Punto neurálgico del culto al Consumo, el centro comercial opera en calidad de gran templo del sueño contemporáneo. Su topografía da una idea de su carácter onírico con sus desmesuradas proporciones en el corazón de la más absoluta nada. Es el parque temático del Dinero en nuestro tiempo. Cierta sociología bon enfant, habituada a masajear lo establecido con áloe vera y aceites esenciales, lo define como «una nueva manera de estar juntos». Dudo que nadie en su sano juicio crea que esos flujos anárquicos e indiferenciados de mónadas sin ventanas que se desparraman por tiendas y pasillos consten de individuos que están juntos. Todo allí es hiperbólico. La avalancha de estímulos sensoriales, la enormidad de la oferta, los pisos superpuestos sobrecogen dando la impresión de otra dimensión, sumergiéndonos en una especie de estado segundo. Luces abrumadoras que en lugar de iluminar ciegan, laberintos sin fin jalonados de innumerables tentaciones, olores a artificio químico industrial que exterminan cualquier aroma natural. Dentro de los establecimientos nos asaltan orgías sonoras que dejan temblando pabellones auditivos y lóbulos temporales. Todo es neuromarketing. Sus DJ se ocupan de regalarnos con música estruendosa —y sumamente mala— cuando el local está a rebosar y hay que acelerar la circulación, o con melodías dulces y relajantes si conviene hipnotizar a los pocos posibles compradores. El viciado aire acondicionado suele estar saturado de partículas de los llamados, quién sabe por qué, ambientadores. Hasta en la gran superficie alimentaria que anida en todo centro comercial que se precie, el revoltijo olfativo es tal que echamos de menos el olor a pescado de los tradicionales mercados de abastos.

Ya al llegar a estos palacios del confort nos sorprende el gigantismo que los preside. Dado que solo son accesibles en coche, nos topamos con aparcamientos inmensos y atestados en los que apenas sobra espacio para que las personas tomen mansamente la senda de las puertas del cielo. Antes de nuestra entrada triunfal, hileras de carros se extienden más allá de donde la vista alcanza. El budismo tiene su pequeño vehículo —hinayana— y su gran vehículo —mahayana— destinados a conducir a sus fieles fuera del mundo del sufrimiento y encaminarlos al nirvana. Aquí se ofrecen diversos tamaños a elegir y llenar de objetos que harán nuestra felicidad.
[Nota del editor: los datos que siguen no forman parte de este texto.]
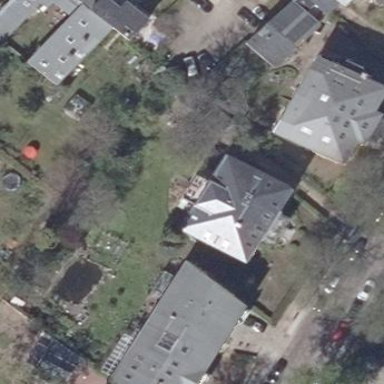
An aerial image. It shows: Historic residential building with hipped roof shape.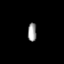
Tissue: lung
Cell type: Others
Senescence score: 0.2097
Nuclear area (px): 157
Mean DAPI intensity: 157.242
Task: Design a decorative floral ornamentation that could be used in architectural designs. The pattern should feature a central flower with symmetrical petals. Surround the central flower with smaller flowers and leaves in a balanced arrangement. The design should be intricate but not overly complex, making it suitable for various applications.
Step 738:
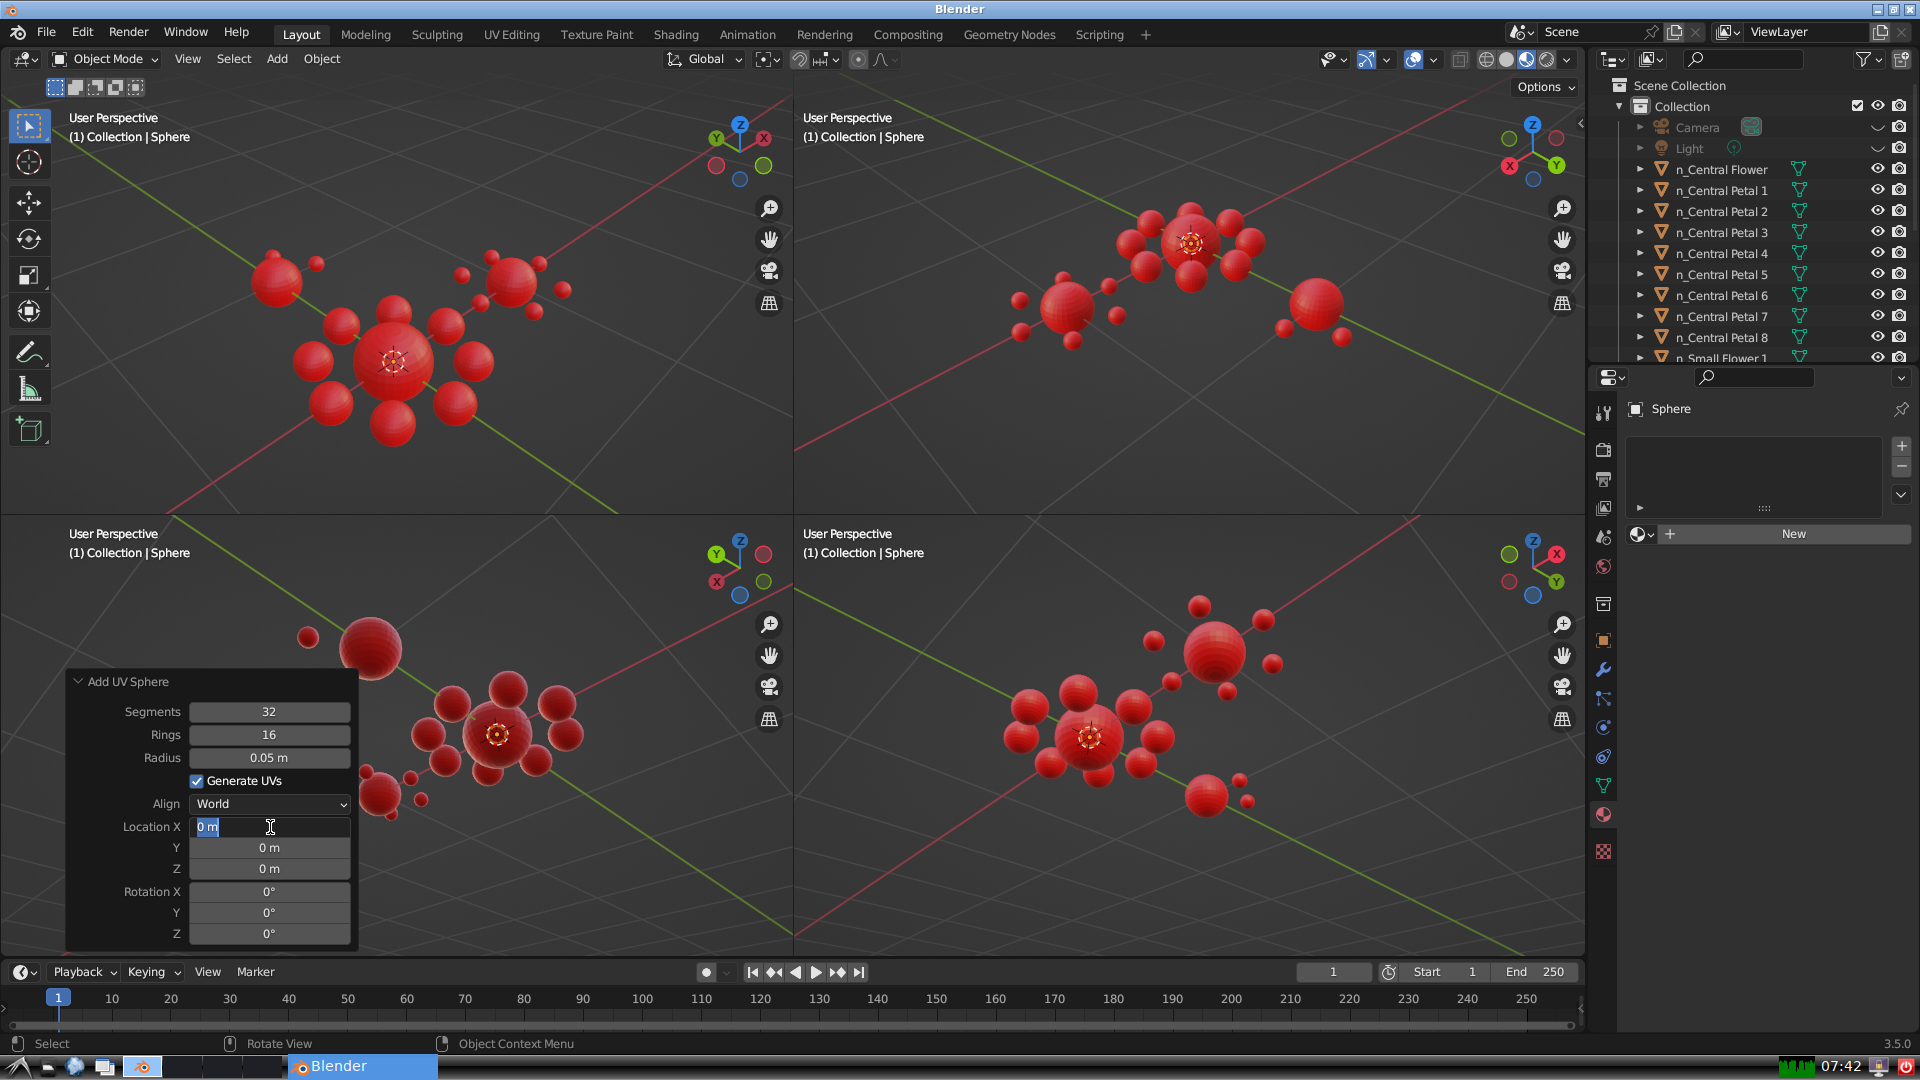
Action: input_text: -0.14999999999999988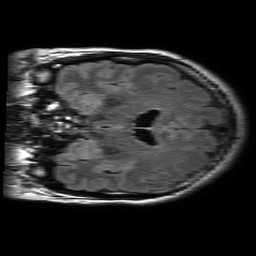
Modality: FLAIR
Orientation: coronal
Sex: female
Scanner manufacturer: philips
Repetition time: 11 s
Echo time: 0.125 s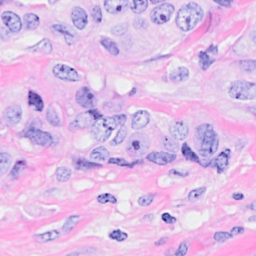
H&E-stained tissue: Breast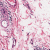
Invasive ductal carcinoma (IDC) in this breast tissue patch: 0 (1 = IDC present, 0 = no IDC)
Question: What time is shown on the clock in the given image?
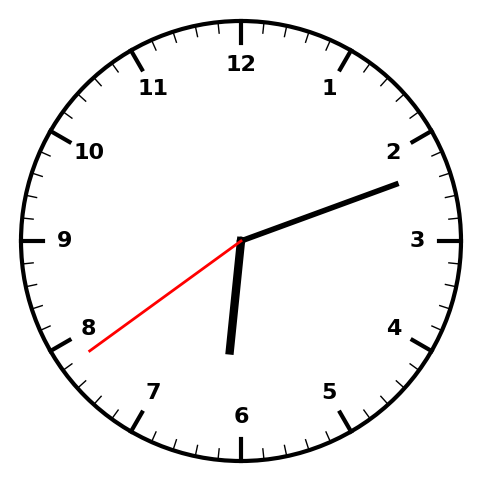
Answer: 06:11:39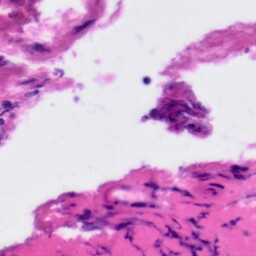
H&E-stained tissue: Tonsil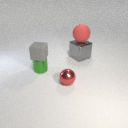
small gray rubber cube above small green metal cylinder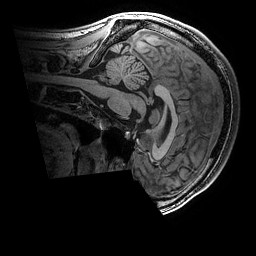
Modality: T1w
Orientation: sagittal
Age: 20
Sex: male
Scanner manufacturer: ge
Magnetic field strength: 3 T
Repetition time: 0.007 s
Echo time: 0.00342 s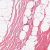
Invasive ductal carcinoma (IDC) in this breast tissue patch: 0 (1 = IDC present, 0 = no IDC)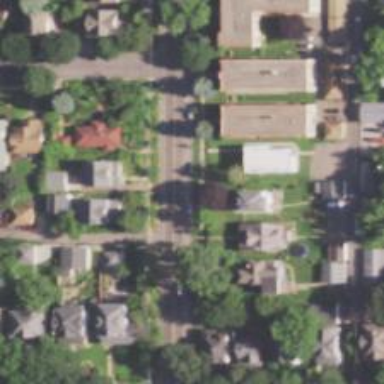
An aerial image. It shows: Alley classified as service road.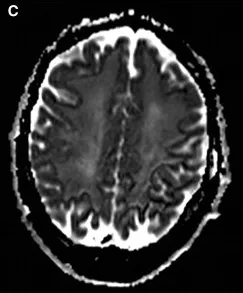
Confirmed on the ADC cartography Abbreviation: DWI = diffusion-weighted imaging.
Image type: radiology (mri)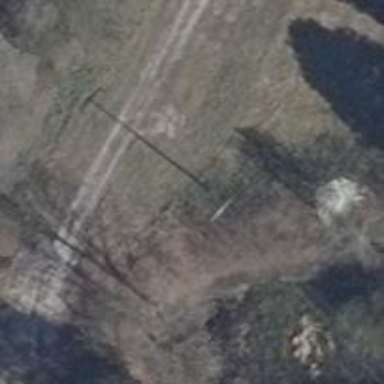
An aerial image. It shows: Power pole.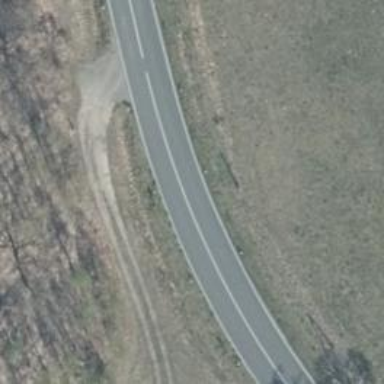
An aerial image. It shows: Secondary road with asphalt surface.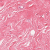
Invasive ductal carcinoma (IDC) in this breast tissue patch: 0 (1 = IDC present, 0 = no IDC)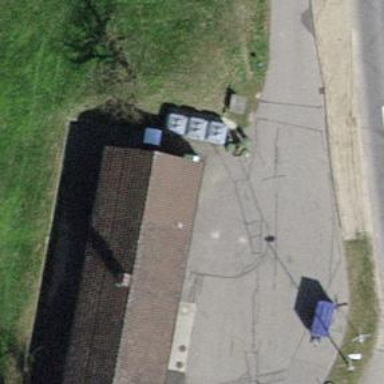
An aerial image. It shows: Recycling container for recycling.
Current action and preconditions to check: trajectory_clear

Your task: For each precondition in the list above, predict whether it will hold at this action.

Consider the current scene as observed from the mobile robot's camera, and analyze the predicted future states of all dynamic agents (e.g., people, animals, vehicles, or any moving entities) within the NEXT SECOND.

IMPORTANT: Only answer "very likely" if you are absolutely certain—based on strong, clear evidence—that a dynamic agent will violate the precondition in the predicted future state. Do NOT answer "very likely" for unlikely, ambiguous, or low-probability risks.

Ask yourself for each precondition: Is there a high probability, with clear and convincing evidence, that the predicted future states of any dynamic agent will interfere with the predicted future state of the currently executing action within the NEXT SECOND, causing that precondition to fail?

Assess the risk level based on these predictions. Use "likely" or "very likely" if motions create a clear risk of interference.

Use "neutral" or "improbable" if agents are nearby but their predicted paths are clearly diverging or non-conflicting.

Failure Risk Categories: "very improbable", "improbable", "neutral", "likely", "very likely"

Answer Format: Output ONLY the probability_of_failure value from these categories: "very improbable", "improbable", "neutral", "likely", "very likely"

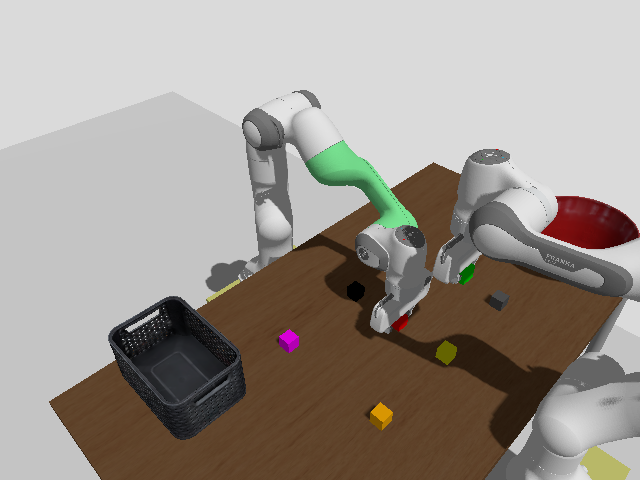

Answer: improbable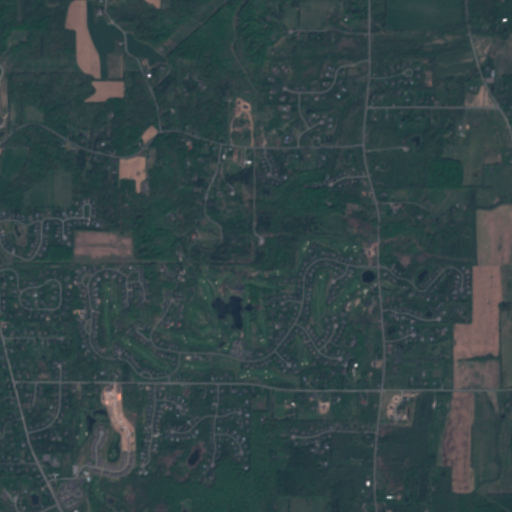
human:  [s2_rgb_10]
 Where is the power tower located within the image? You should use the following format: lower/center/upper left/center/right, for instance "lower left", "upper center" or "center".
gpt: The power tower is located in the upper left of the image.
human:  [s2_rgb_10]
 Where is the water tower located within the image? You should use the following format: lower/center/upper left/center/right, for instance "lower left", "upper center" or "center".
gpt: The water tower is located in the upper left of the image.
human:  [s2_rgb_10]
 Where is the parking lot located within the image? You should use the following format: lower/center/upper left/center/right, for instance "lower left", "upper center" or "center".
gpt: There is no parking lot in the image.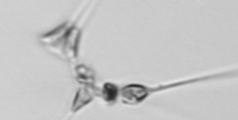
Label: Asterionellopsis_glacialis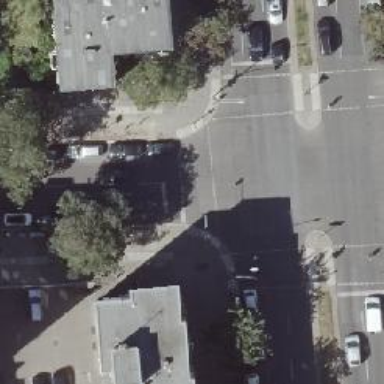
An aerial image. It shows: Footway with traffic signals at crossing.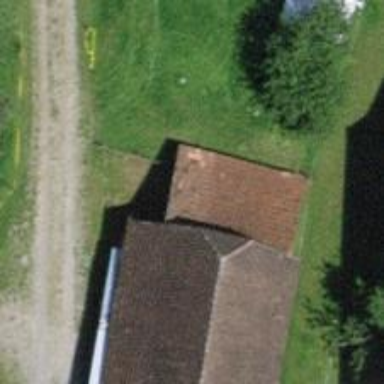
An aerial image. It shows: Rural barn.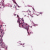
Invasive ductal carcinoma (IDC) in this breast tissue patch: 0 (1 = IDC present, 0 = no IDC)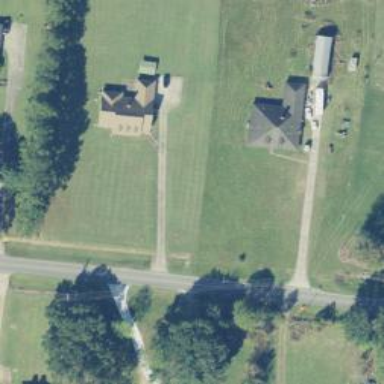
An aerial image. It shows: Driveway leading to service road.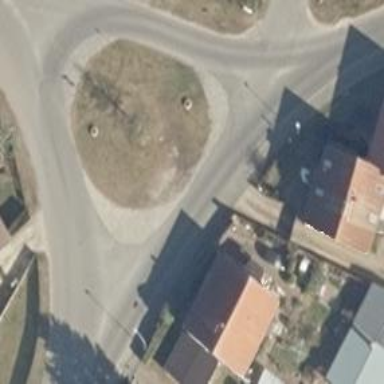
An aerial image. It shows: Residential road with asphalt surface.
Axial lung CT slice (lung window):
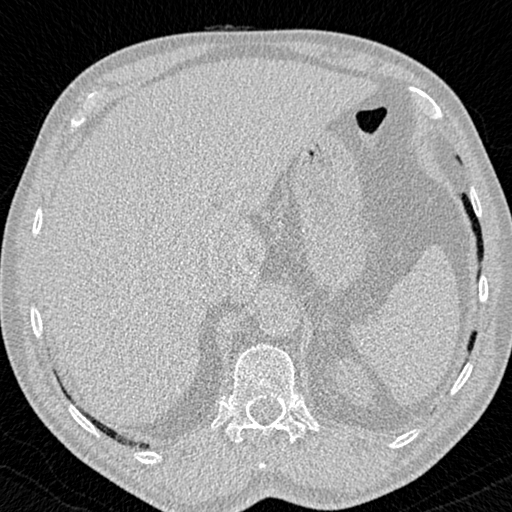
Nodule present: no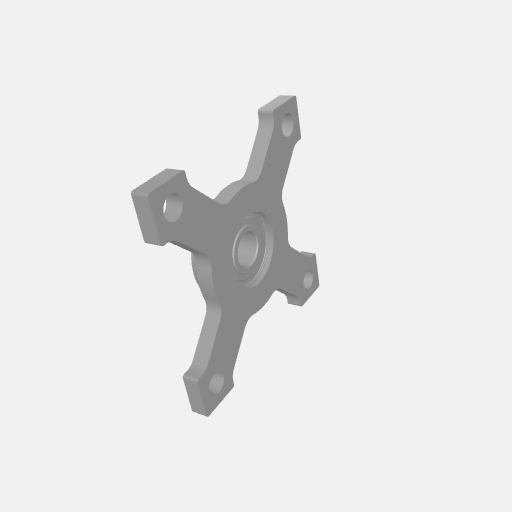
Part: ThruHolePillowBlock6ID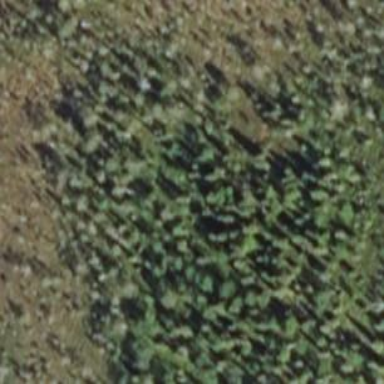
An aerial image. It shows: Evergreen woodland with needle-leaved trees.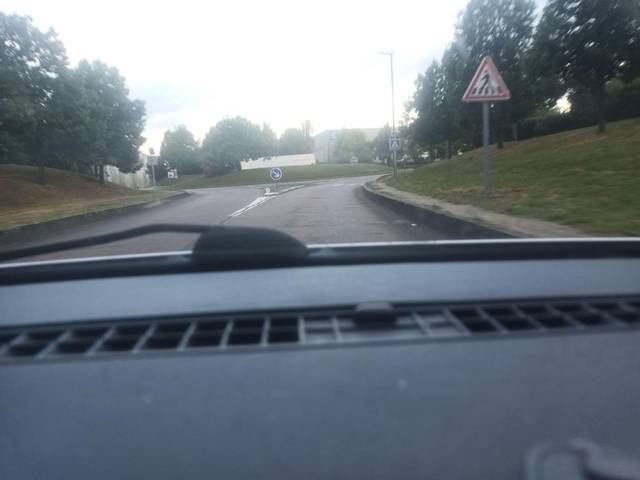
Region: France
Coordinates: 46.739, 4.852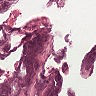
Metastatic tissue present: no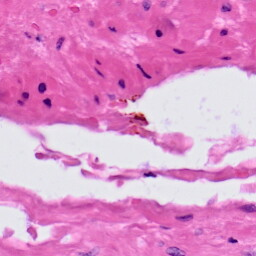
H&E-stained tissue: Prostate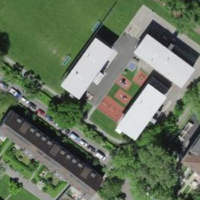
EUNIS habitat code: 53
Species observed at this site:
Rumex sanguineus
Prunella vulgaris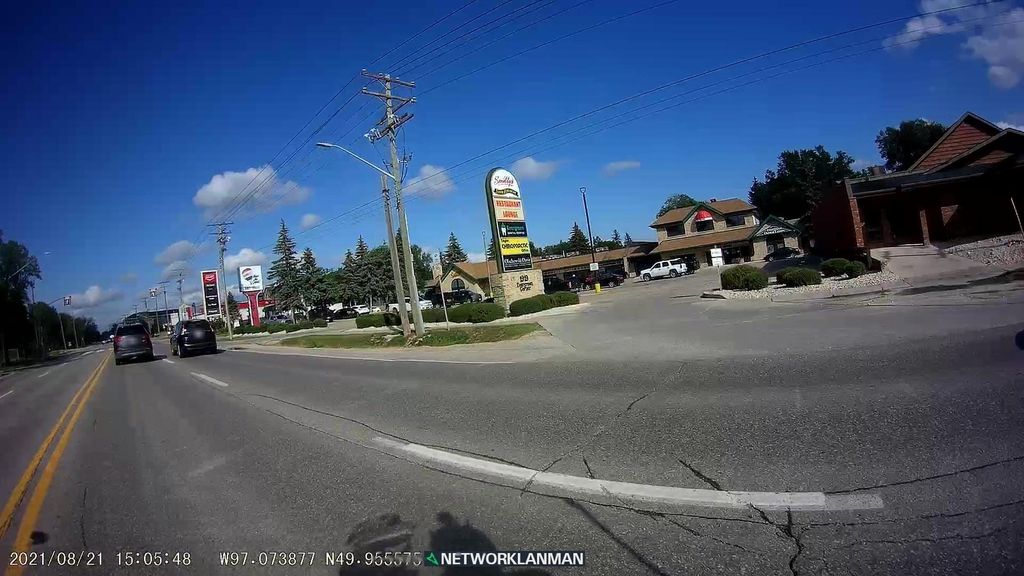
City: winnipeg
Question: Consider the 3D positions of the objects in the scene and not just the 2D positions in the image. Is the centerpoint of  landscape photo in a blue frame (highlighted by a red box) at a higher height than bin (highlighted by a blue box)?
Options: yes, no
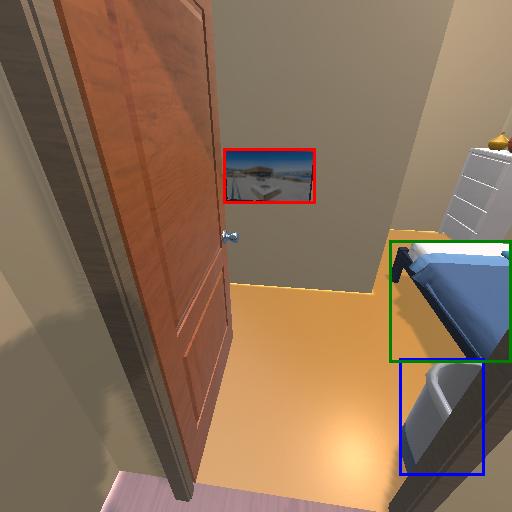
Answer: yes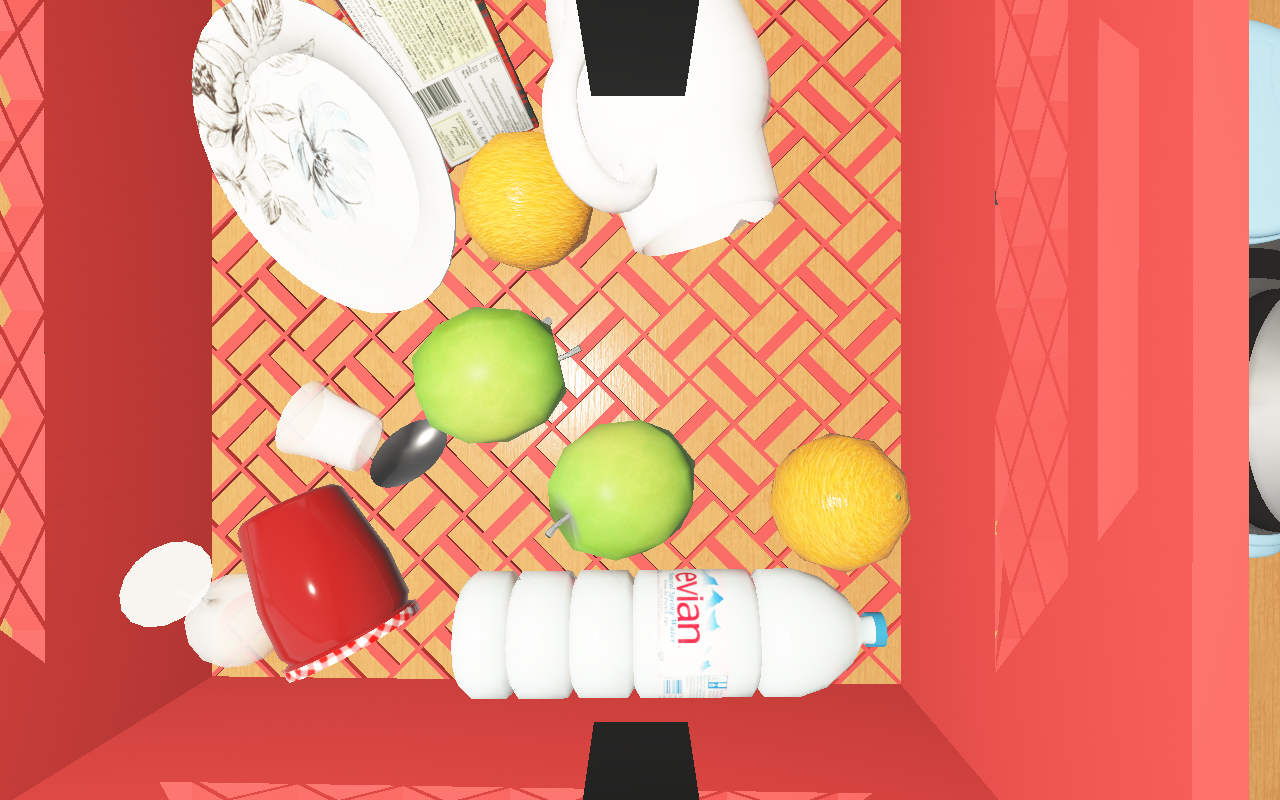
Objects in the scene:
water bottle
apple
apple
orange
orange
glass
wineglass
honey jar
jam jar
biscuit box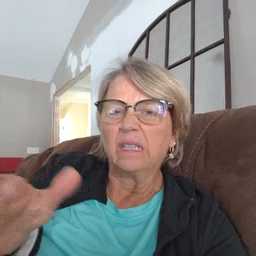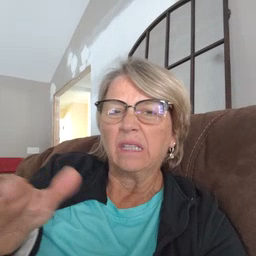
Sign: yucky

Incluso los críos disponen de los suyos y van acostumbrándose a habitar el mismo sueño narcótico que sus padres. El capital no ignora que su continuidad depende de que los niños se acerquen a él para que nunca puedan alejarse. La adicción a drogas, alcohol o juego viene de una repetición crónica que termina por convertirse en un hábito del cual se hace inviable salir. El consumo compulsivo, incesante y rutinario sigue idénticos mecanismos, captando a los más jóvenes a través de ingenios que les entran por los ojos susurrándoles que sin ellos, jamás se sentirán colmados. Todo el mundo se horroriza, y con razón, ante la imagen de un camello a la puerta de la escuela. Sin embargo, está convencido de que llevar a sus hijos al centro comercial cada sábado los prepara para la vida. Esas peregrinaciones donde es de rigor pasarse a ver lo que hay constituyen a ojos de muchos, y no precisamente de los más pudientes, el momento cumbre de la semana. Bueno, los sueños, sueños son. El carrusel de llamadas al derroche no deja respirar al cerebro. El instinto y el inconsciente toman el mando. En términos psicoanalíticos, estas catedrales del consumo son el paraíso del Ello. Desde las vitrinas, tentadores productos susurran o directamente gritan «Yo te haré feliz. Me necesitas. Cómprame». Resistir la seducción de la mercancía es misión imposible para no pocos.

Dentro de esos cubículos repletos de artículos a la venta, no existe trato humano. Todo es frío y distante, superficial. Nadie conoce a nadie. Olvídate de peticiones de consejo o de depositar confianza en dependientes que funcionan como piezas de un engranaje diseñado para despachar cuanta mayor cantidad y más deprisa mejor. El cuidado del cliente es una preocupación menor; se da por hecho que el acto de comprar le proporciona la satisfacción que busca. Se nos repite que centros comerciales, hipermercados o grandes almacenes democratizan el consumo poniendo todo a disposición de todos. Esto es sumamente discutible. Es vox populi que la comida adquirida en estas modernas cuevas del tesoro tiene poco que ver con los olores, colores y sabores naturales. Las viejas tiendas de barrio, hundidas por estos transatlánticos de la nutrición, ofrecían mercancías de calidad superior. Antes, vestirse a medida estaba al alcance del vulgo. Sastres y modistas se encargaban de hacer que cada uno y cada una se sintieran en su casa dentro de la ropa. Se podía seguir paso a paso su creación. Las sucesivas pruebas y los correspondientes comentarios y glosas constituían un ritual que formaba parte del placer de estrenar. Hoy esto es patrimonio de ricos. La mayoría se viste con ropa cosida con el sudor de su frente por mujeres explotadas doce o catorce horas diarias por salarios de hambre en algún hediondo taller de, pongamos, Bangladesh.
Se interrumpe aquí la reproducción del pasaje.